七叶听得云里雾里的,被裴延这么一喊,不自觉的就施展神宗功法第五重‘五叶坠海’,朝着他指示的位置重击而去。
阵中的冰火骤然褪去不少,行动上也不再艰难。七叶再度祭出第七重功法‘一叶障目’将自己周身护住,默默的退避裴延和杨隐舟所处的位置几丈远。
今日寻仇之人,摆明就是奔着裴延和杨隐舟来的...虽然她师父的名字也出现在了方才的名单之中,可是她直觉自己不该再掺和进去。

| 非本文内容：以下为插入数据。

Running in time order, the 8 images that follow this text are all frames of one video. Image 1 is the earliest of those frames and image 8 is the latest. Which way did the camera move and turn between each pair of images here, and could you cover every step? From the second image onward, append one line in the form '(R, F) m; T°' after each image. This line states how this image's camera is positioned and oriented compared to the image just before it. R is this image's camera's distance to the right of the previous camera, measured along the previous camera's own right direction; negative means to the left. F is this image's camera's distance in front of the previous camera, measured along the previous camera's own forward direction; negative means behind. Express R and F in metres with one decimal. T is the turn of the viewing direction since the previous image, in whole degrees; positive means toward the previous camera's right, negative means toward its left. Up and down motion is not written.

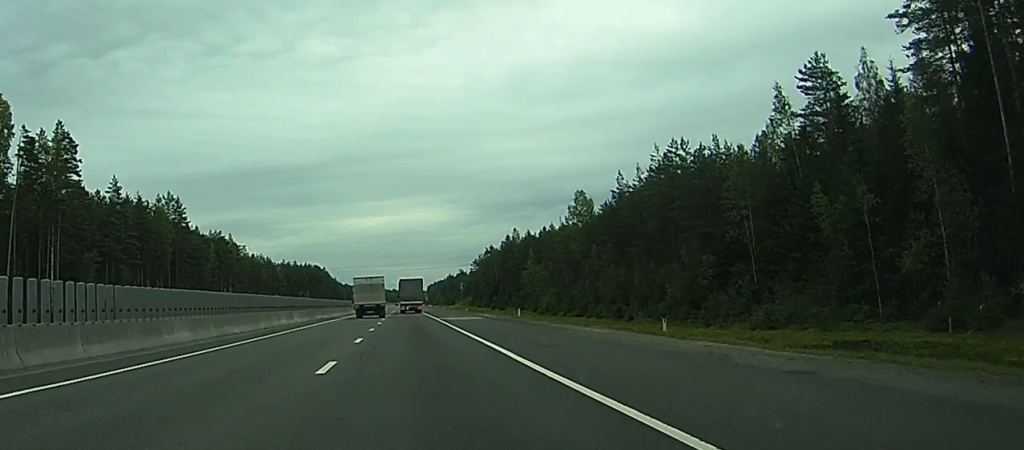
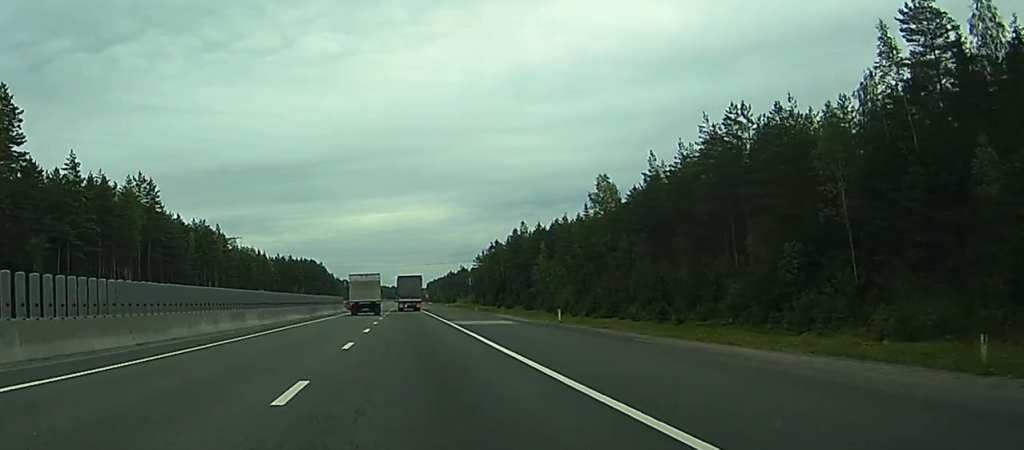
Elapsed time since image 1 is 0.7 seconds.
(0.0, +17.0) m; 0°
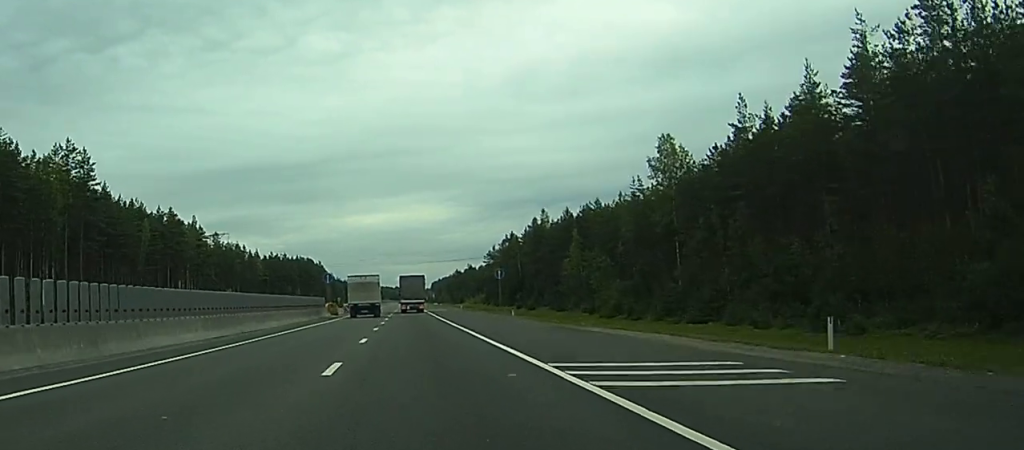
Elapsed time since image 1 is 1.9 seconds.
(+0.4, +30.8) m; +1°
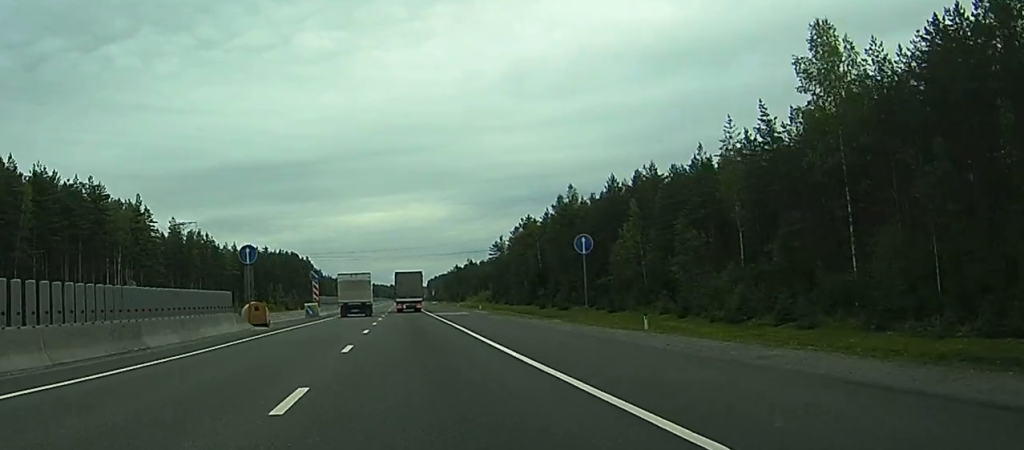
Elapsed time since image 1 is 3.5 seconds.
(-0.1, +41.2) m; 0°
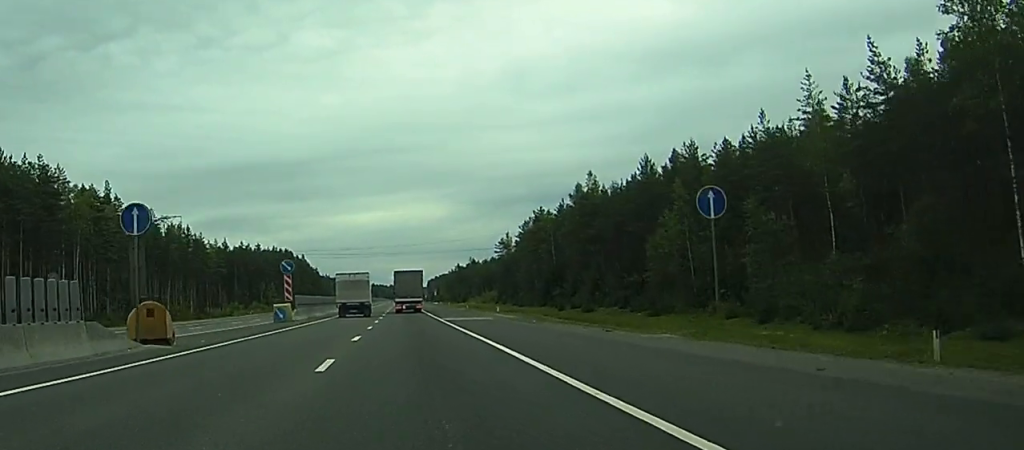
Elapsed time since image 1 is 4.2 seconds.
(0.0, +18.1) m; 0°
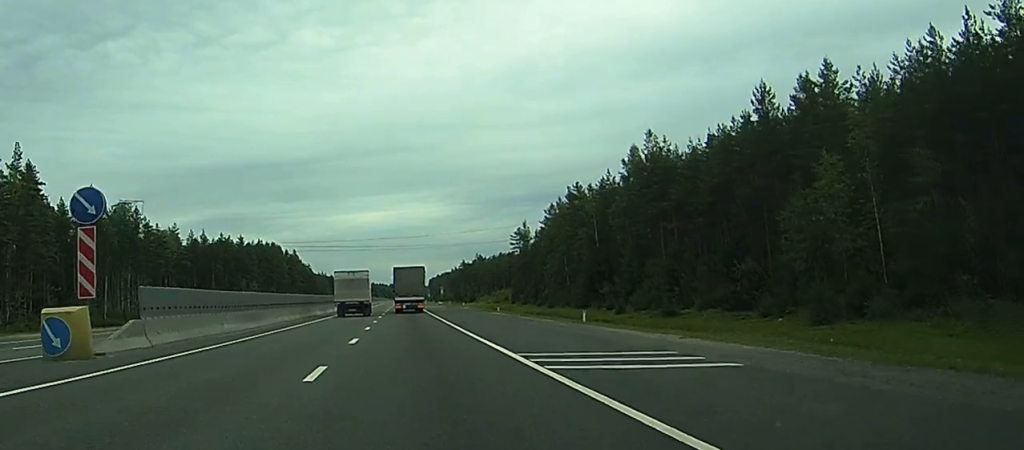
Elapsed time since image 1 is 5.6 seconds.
(+0.2, +37.2) m; +1°
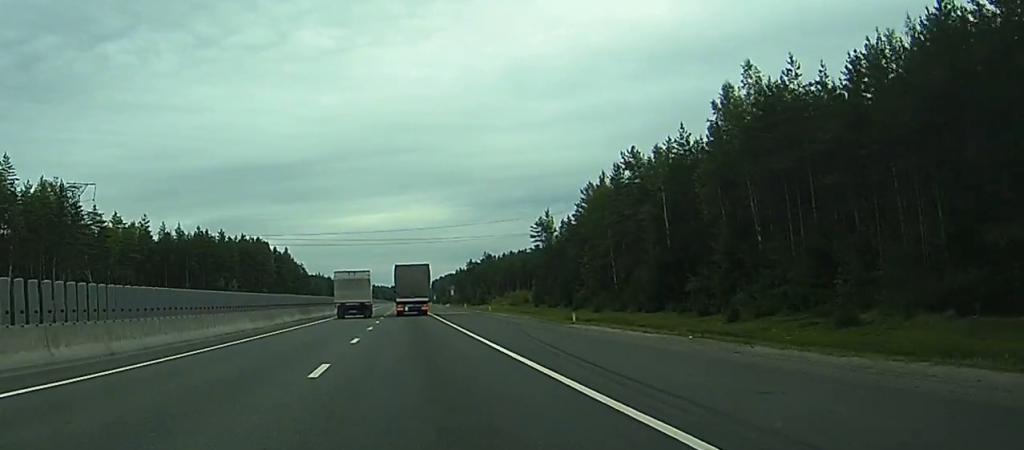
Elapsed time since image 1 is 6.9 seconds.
(+0.2, +34.7) m; 0°
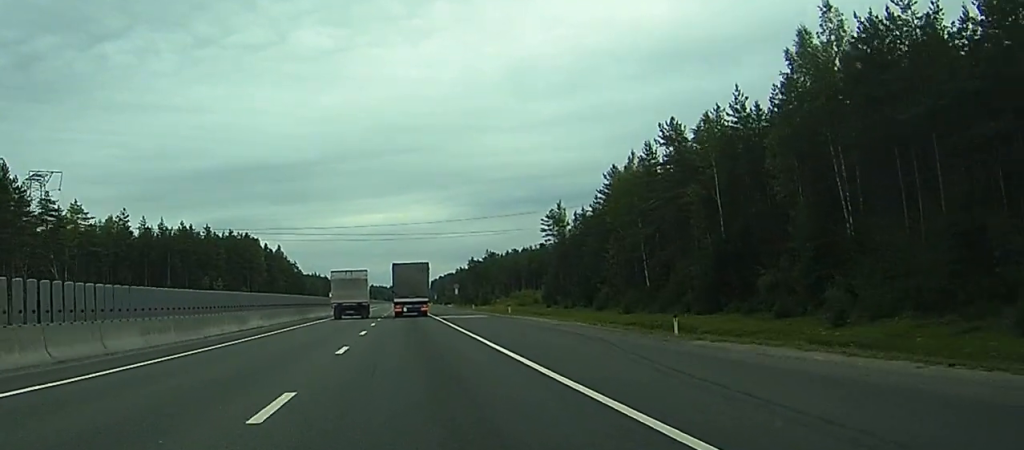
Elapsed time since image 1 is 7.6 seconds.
(+0.1, +17.4) m; 0°

‘你们渴望却也畏惧白慕辰的力量,不愿让他成为一统云津的霸主,不愿在他过后建立的秩序下循规蹈矩的过活...不甘愿拜倒在最强者脚下!所以你们殚精竭虑,让他永生永世都逃不出黑暗的地底。然后假意不愿与各国势力沆瀣一气,实则建立了云津大陆的新秩序新法则,之后在你们的理想世界里蝇营狗苟!’
面对一声声质问,裴延逐渐白了脸色。他知道杨隐舟怕不是已经彻底废了,根本借不上力;而七叶已经悄无声息的与他们二人拉开了挺大一段距离了,态度立显。
所幸她方才行动快过脑子,帮他将阵法破去了一半,再也无法令那些鬼火和冰晶伤人于无形之中。
然而事态仍然恶劣至极,他恐怕要独自在这个残缺了的阵法当中,面对一个天宝三阶巅峰修者和一个天宝三阶初期修者。
“怎么,被人将心中最龌龊的蛆虫掏出来示人,羞愧得说不出话了?”方君彦携着简溪翩然落地,飓风令他们的长发和喜服猎猎舞动,仿若两个来索命的红色鬼魅。
阵中三人俱是愕然不已,本是该过洞房花烛夜的一对新人,为何会凭空出现在这里?